Pour la justice, seule la totalité fait sens, alors que les médias se satisfont de bribes. Aussi, si l’émotion est présente au cours d’un procès, la finalité même de l’institution judiciaire est de rendre une décision qui ne soit pas dictée par elle.

La question est celle du point de vue : qui filme et qui regarde ?

Le droit oppose les images « mises en scène » aux prises de vue « sur le vif ». Selon la jurisprudence française, l’originalité consiste en « l’empreinte ou le reflet de la personnalité de l’auteur ». Je laisserai ici hors de ma réflexion les œuvres originales qui sont le résultat du point de vue d’un auteur-réalisateur pour me focaliser sur les enregistrements audiovisuels soumis à un encadrement judiciaire et pour lesquels il y a une perte d’autonomie.

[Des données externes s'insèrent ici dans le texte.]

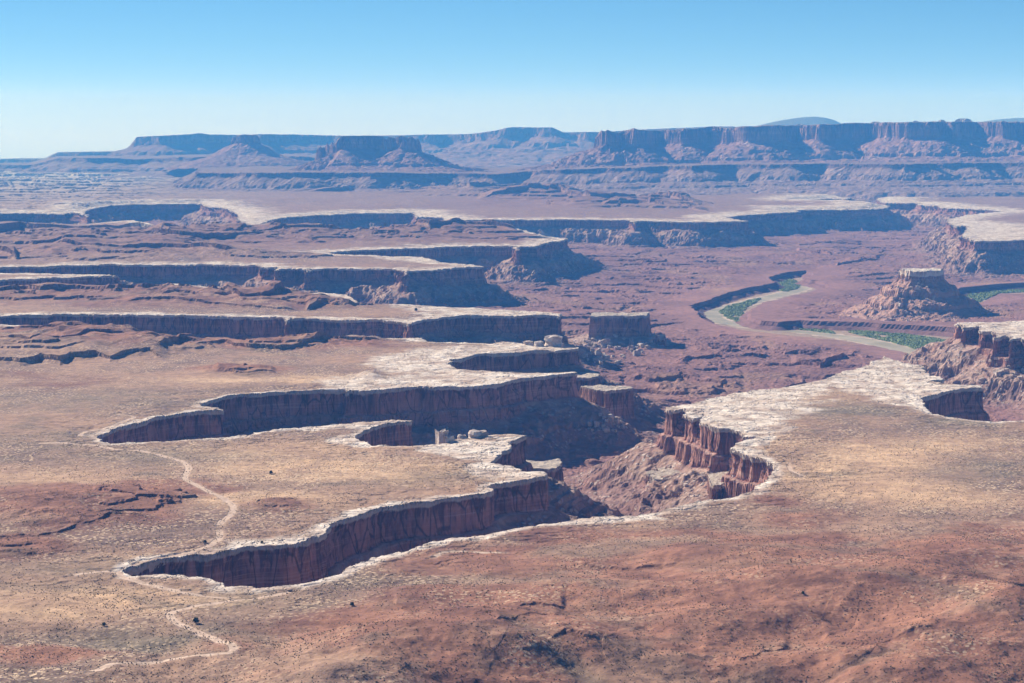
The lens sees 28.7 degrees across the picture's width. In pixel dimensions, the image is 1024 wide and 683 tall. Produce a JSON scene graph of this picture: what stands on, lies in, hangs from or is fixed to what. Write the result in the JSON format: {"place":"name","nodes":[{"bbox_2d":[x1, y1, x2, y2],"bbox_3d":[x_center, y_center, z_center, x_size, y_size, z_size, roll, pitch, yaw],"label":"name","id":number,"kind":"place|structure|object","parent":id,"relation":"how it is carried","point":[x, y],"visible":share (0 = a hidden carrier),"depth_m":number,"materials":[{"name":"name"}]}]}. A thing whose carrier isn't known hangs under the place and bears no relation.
{"place":"outdoors","nodes":[
{"label":"outdoors","id":0,"kind":"place"},
{"bbox_2d":[73,570,108,575],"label":"dirt track","id":1,"kind":"structure","parent":0,"point":[90,572],"depth_m":2266.18,"materials":[{"name":"beige soil"}]},
{"bbox_2d":[78,414,135,435],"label":"dirt track","id":2,"kind":"structure","parent":0,"point":[116,424],"depth_m":3436.66,"materials":[{"name":"beige soil"}]},
{"bbox_2d":[39,442,236,525],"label":"dirt road","id":3,"kind":"structure","parent":0,"point":[232,511],"depth_m":2868.81,"materials":[{"name":"beige soil"}]},
{"bbox_2d":[116,530,222,597],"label":"dirt road","id":4,"kind":"structure","parent":0,"point":[151,568],"depth_m":2314.80,"materials":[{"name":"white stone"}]},
{"bbox_2d":[90,591,290,670],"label":"dirt road","id":5,"kind":"structure","parent":0,"point":[215,639],"depth_m":1955.22,"materials":[{"name":"beige soil"}]},
{"bbox_2d":[433,550,501,556],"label":"dirt track","id":6,"kind":"structure","parent":0,"point":[440,553],"depth_m":2380.02,"materials":[{"name":"beige soil"}]},
{"bbox_2d":[0,166,1023,682],"bbox_3d":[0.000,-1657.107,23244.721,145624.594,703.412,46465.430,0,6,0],"label":"canyon ground","id":7,"kind":"structure","parent":0,"point":[166,314],"depth_m":3475.95,"materials":[{"name":"brown soil"}]},
{"bbox_2d":[0,154,315,179],"bbox_3d":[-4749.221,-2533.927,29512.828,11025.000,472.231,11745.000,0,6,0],"label":"bench","id":8,"kind":"object","parent":7,"relation":"on","point":[153,166],"visible":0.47,"depth_m":26685.02,"materials":[{"name":"stone"}]},
{"bbox_2d":[161,134,307,170],"bbox_3d":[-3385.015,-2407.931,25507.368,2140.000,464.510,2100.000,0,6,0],"label":"butte","id":9,"kind":"object","parent":8,"relation":"on","point":[245,150],"visible":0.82,"depth_m":25047.94,"materials":[{"name":"stone"}]},
{"bbox_2d":[0,126,733,166],"bbox_3d":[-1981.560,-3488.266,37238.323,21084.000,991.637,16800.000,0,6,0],"label":"plateau","id":10,"kind":"structure","parent":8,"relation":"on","point":[517,146],"depth_m":32814.22,"materials":[{"name":"stone"}]},
{"bbox_2d":[192,617,199,622],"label":"juniper tree","id":11,"kind":"object","parent":7,"relation":"on","point":[196,619],"visible":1,"depth_m":2012.87,"materials":[{"name":"green plant"}]},
{"bbox_2d":[289,135,492,171],"bbox_3d":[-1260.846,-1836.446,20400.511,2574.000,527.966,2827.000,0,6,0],"label":"great butte","id":12,"kind":"object","parent":7,"relation":"on","point":[367,153],"visible":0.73,"depth_m":20031.21,"materials":[{"name":"stone"}]},
{"bbox_2d":[435,429,448,443],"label":"standing rock","id":13,"kind":"object","parent":7,"relation":"on","point":[439,436],"visible":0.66,"depth_m":3249.95,"materials":[{"name":"stone"}]},
{"bbox_2d":[444,435,453,442],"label":"standing rock","id":14,"kind":"object","parent":7,"relation":"on","point":[448,439],"visible":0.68,"depth_m":3241.51,"materials":[{"name":"stone"}]},
{"bbox_2d":[457,434,466,438],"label":"standing rock","id":15,"kind":"object","parent":7,"relation":"on","point":[459,436],"visible":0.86,"depth_m":3273.69,"materials":[{"name":"stone"}]},
{"bbox_2d":[468,429,488,437],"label":"standing rock","id":16,"kind":"object","parent":7,"relation":"on","point":[473,433],"visible":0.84,"depth_m":3280.75,"materials":[{"name":"stone"}]},
{"bbox_2d":[0,432,1023,682],"bbox_3d":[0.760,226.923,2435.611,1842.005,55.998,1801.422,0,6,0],"label":"desert brush","id":17,"kind":"object","parent":7,"relation":"on","point":[514,578],"visible":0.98,"depth_m":2146.40,"materials":[{"name":"green plant"}]},
{"bbox_2d":[523,341,532,344],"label":"standing rock","id":18,"kind":"object","parent":7,"relation":"on","point":[528,342],"visible":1,"depth_m":4730.43,"materials":[{"name":"stone"}]},
{"bbox_2d":[534,341,543,346],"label":"standing rock","id":19,"kind":"object","parent":7,"relation":"on","point":[538,343],"visible":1,"depth_m":4711.49,"materials":[{"name":"stone"}]},
{"bbox_2d":[526,458,563,480],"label":"spur block","id":20,"kind":"structure","parent":7,"relation":"on","point":[552,468],"depth_m":3353.95,"materials":[{"name":"beige stone"}]},
{"bbox_2d":[544,335,562,346],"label":"standing rock","id":21,"kind":"object","parent":7,"relation":"on","point":[553,340],"visible":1,"depth_m":4709.97,"materials":[{"name":"stone"}]},
{"bbox_2d":[576,368,600,390],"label":"spur block","id":22,"kind":"structure","parent":7,"relation":"on","point":[588,377],"depth_m":4537.99,"materials":[{"name":"beige stone"}]},
{"bbox_2d":[167,162,1023,202],"bbox_3d":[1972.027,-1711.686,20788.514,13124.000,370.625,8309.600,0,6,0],"label":"step escarpment","id":23,"kind":"structure","parent":7,"relation":"on","point":[872,182],"depth_m":18317.29,"materials":[{"name":"brown stone"}]},
{"bbox_2d":[594,421,599,426],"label":"boulder","id":24,"kind":"object","parent":7,"relation":"on","point":[596,423],"visible":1,"depth_m":4105.88,"materials":[{"name":"stone"}]},
{"bbox_2d":[594,350,602,355],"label":"boulder","id":25,"kind":"object","parent":7,"relation":"on","point":[598,352],"visible":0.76,"depth_m":5589.18,"materials":[{"name":"stone"}]},
{"bbox_2d":[603,427,609,432],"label":"boulder","id":26,"kind":"object","parent":7,"relation":"on","point":[606,430],"visible":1,"depth_m":4098.69,"materials":[{"name":"stone"}]},
{"bbox_2d":[603,355,609,359],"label":"boulder","id":27,"kind":"object","parent":7,"relation":"on","point":[606,357],"visible":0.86,"depth_m":5577.80,"materials":[{"name":"stone"}]},
{"bbox_2d":[578,385,656,430],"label":"spur block","id":28,"kind":"structure","parent":7,"relation":"on","point":[616,401],"depth_m":4414.35,"materials":[{"name":"brown stone"}]},
{"bbox_2d":[614,417,620,423],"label":"boulder","id":29,"kind":"object","parent":7,"relation":"on","point":[617,419],"visible":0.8,"depth_m":4196.08,"materials":[{"name":"stone"}]},
{"bbox_2d":[568,312,676,348],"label":"block butte","id":30,"kind":"object","parent":7,"relation":"on","point":[636,326],"visible":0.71,"depth_m":6211.52,"materials":[{"name":"brown stone"}]},
{"bbox_2d":[599,339,606,344],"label":"boulder","id":31,"kind":"object","parent":30,"relation":"on","point":[603,342],"visible":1,"depth_m":6150.81,"materials":[{"name":"stone"}]},
{"bbox_2d":[632,350,640,355],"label":"boulder","id":32,"kind":"object","parent":7,"relation":"on","point":[636,353],"visible":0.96,"depth_m":5842.13,"materials":[{"name":"stone"}]},
{"bbox_2d":[637,343,644,347],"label":"boulder","id":33,"kind":"object","parent":7,"relation":"on","point":[641,345],"visible":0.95,"depth_m":6117.09,"materials":[{"name":"stone"}]},
{"bbox_2d":[636,467,679,489],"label":"rock ledge","id":34,"kind":"object","parent":7,"relation":"on","point":[658,474],"visible":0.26,"depth_m":3473.11,"materials":[{"name":"beige stone"}]},
{"bbox_2d":[652,332,665,345],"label":"rock tower","id":35,"kind":"structure","parent":7,"relation":"on","point":[659,339],"depth_m":6164.69,"materials":[{"name":"brown stone"}]},
{"bbox_2d":[707,471,728,499],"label":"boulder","id":36,"kind":"object","parent":7,"relation":"on","point":[714,482],"visible":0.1,"depth_m":3155.47,"materials":[{"name":"beige stone"}]},
{"bbox_2d":[516,121,1023,170],"bbox_3d":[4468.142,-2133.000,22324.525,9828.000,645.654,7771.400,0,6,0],"label":"great escarpment","id":37,"kind":"structure","parent":7,"relation":"on","point":[971,141],"depth_m":20046.82,"materials":[{"name":"stone"}]},
{"bbox_2d":[955,118,970,121],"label":"rock dome","id":38,"kind":"object","parent":37,"relation":"on","point":[963,120],"visible":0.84,"depth_m":20850.87,"materials":[{"name":"stone"}]},
{"bbox_2d":[714,288,907,346],"bbox_3d":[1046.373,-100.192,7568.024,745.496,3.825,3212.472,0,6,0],"label":"riverbank","id":39,"kind":"structure","parent":7,"relation":"on","point":[800,330],"depth_m":7025.95,"materials":[{"name":"beige sand"}]},
{"bbox_2d":[718,279,1023,348],"bbox_3d":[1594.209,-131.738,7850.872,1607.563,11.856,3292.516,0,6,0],"label":"riverside thicket","id":40,"kind":"object","parent":7,"relation":"on","point":[730,312],"visible":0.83,"depth_m":7307.09,"materials":[{"name":"green plant"}]},
{"bbox_2d":[838,268,992,321],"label":"capped butte","id":41,"kind":"object","parent":7,"relation":"on","point":[949,302],"visible":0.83,"depth_m":7161.46,"materials":[{"name":"brown stone"}]},
{"bbox_2d":[978,377,984,382],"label":"boulder","id":42,"kind":"object","parent":7,"relation":"on","point":[981,379],"visible":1,"depth_m":4815.07,"materials":[{"name":"stone"}]},
{"bbox_2d":[993,369,1001,376],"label":"boulder","id":43,"kind":"object","parent":7,"relation":"on","point":[996,372],"visible":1,"depth_m":4810.24,"materials":[{"name":"stone"}]},
{"bbox_2d":[0,0,1023,158],"label":"sky","id":44,"kind":"structure","parent":0,"point":[76,75],"materials":[{"name":"blue"}]},
{"bbox_2d":[787,466,802,475],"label":"dirt track","id":45,"kind":"structure","parent":0,"point":[790,468],"depth_m":2970.40,"materials":[{"name":"beige soil"}]},
{"bbox_2d":[759,117,840,125],"bbox_3d":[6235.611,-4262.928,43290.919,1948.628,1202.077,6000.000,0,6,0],"label":"distant mountain","id":46,"kind":"structure","parent":0,"point":[809,120],"depth_m":42866.21,"materials":[{"name":"blue stone"}]},
{"bbox_2d":[704,286,915,353],"bbox_3d":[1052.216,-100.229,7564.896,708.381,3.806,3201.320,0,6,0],"label":"river","id":47,"kind":"structure","parent":0,"point":[714,315],"depth_m":6912.92,"materials":[{"name":"liquid"}]},
{"bbox_2d":[983,118,1023,121],"bbox_3d":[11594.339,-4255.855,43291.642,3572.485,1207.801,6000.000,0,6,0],"label":"distant mountain","id":48,"kind":"structure","parent":0,"point":[1015,119],"depth_m":42937.34,"materials":[{"name":"blue stone"}]}
]}

Tout un ensemble de contraintes, en effet, limite la liberté de filmer : caméras fixes limitées en nombre, interdiction de zoomer, de réaliser des plans serrés, des plans de coupe ou des mouvements panoramiques, obligation de filmer les débats au fil de la parole, c’est-à-dire en laissant hors-champ les réactions de celles et ceux qui ne parlent pas. Ces règles définissent un cahier des charges rédigé par la direction de la communication du ministère de la Justice qui détaille et encadre la façon dont le tournage doit être réalisé afin qu’il ne perturbe pas le bon déroulement des audiences et ne porte pas atteinte au libre exercice des droits de la défense et des personnes.

Mais surtout, ce cahier des charges a pour objectif d’assurer une « neutralité » aux images. La réalité du procès filmé est d’abord celle que la justice a réglée. La garantie de l’image enregistrée des audiences d’un procès, sa validité, est celle de l’autorité de l’institution judiciaire elle-même.

Le spectateur de ces images n’a apparemment pas de travail de lecture et d’interprétation à faire de ces images dans la mesure où cette garantie d’authenticité est extérieure au film. Seulement, cette extériorité, comme le souligne Antoine Garapon, « n’est pas si extérieure que cela dans la mesure où les contraintes formelles liées à l’autorisation de filmer affectent le dispositif et donc le fonctionnement de ces images [2] ».

De quoi ces images des procès cherchent-elles à être le reflet ? La question est celle du point de vue : qui filme et qui regarde ? Tout porte à penser que la volonté de neutralité dans la restitution des procès exprime l’intention de la part de l’institution judiciaire de représenter l’objectivité, voire l’impartialité de la justice.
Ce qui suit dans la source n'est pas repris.